Coming from the guy that, according to Oil Change International, makes $2 million in political contributions from the fossil fuel industry, you’re right, climate change is made up. There are definitely other reasons why atmospheric gases have trapped more of the sun’s energy in the Earth’s system, warming and rapidly changing the atmosphere, ocean, and land.

It is not totally from fossil fuels, even though the Intergovernmental Panel on Climate Change (IPCC) has found that emissions from fossil fuels are the dominant cause of global warming. In fact, in 2018, 89% of global CO2 emissions came from fossil fuels and their entire industry. Ironically, I think that’s the same industry Inhofe here is making millions off of. Definitely a coincidence, though.

So what I’m gathering here is the reason that James Inhofe doesn’t believe in climate change is not because of lack of scientific evidence, no, but instead, his poor fossil fuel industry that he makes millions off of would crumble. However, that’s only a conspiracy, right James? 

“Other developments are going on in terms of alternative forms of energy,” said Nick Sheikh, a Nonnewaug science teacher. “Suddenly there’s a push for electric vehicles and the oil industry as well as some others will most likely get hit. They’re probably going to try to grasp at whatever straws they can to not lose massive amounts of profit. They’re going to have to grapple with that, and we will too as the consumer.” 

As much as I hate being wrong, I really wish James Inhofe were right.

I wish climate change didn’t exist, and it was one big hoax made up by “eggheads” in “science laboratories.” I wish that we really had nothing to worry about when thinking of our future on this planet. However, this is not the case, and real education on what climate change is and what we can do about it is important for everyone. 

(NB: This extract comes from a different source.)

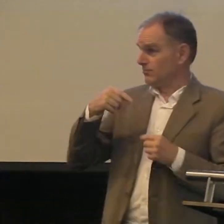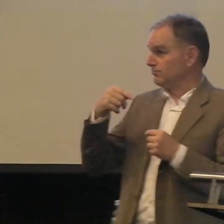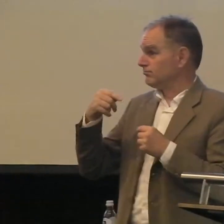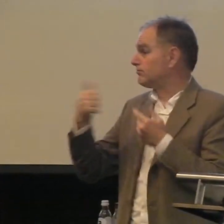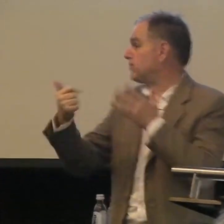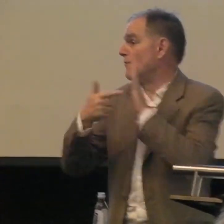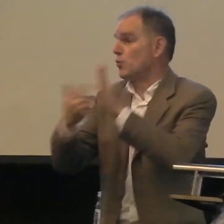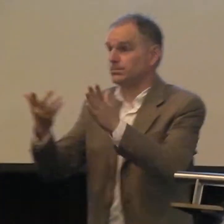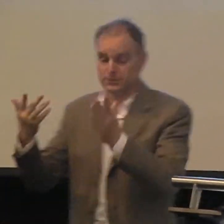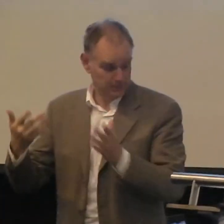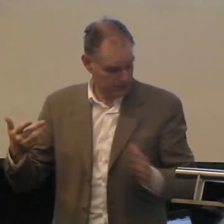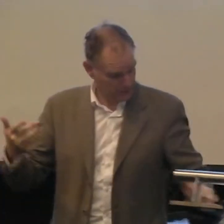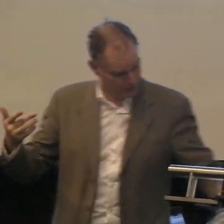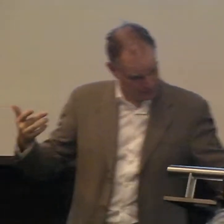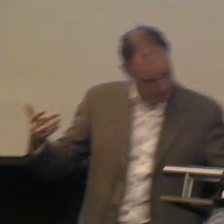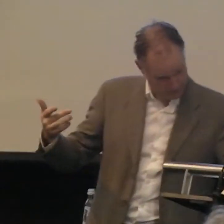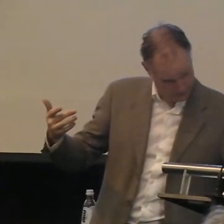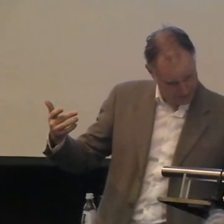was nog de vraag hoe.

“Climate change is the gradual increase of the average world temperature,” said Ed Belinsky, director of the agriculture at Nonnewaug. “So, it’s going to be different throughout different regions but as a whole, the temperature is increasing all the time. Temperature is basically controlled by the oceans. That’s how the whole planet regulates itself, and with global warming, those are getting interrupted. The world is kind of shifting ecologically, and we need to adjust with it.”

This is the opinion of Chief Advocate reporter Madison Stewart.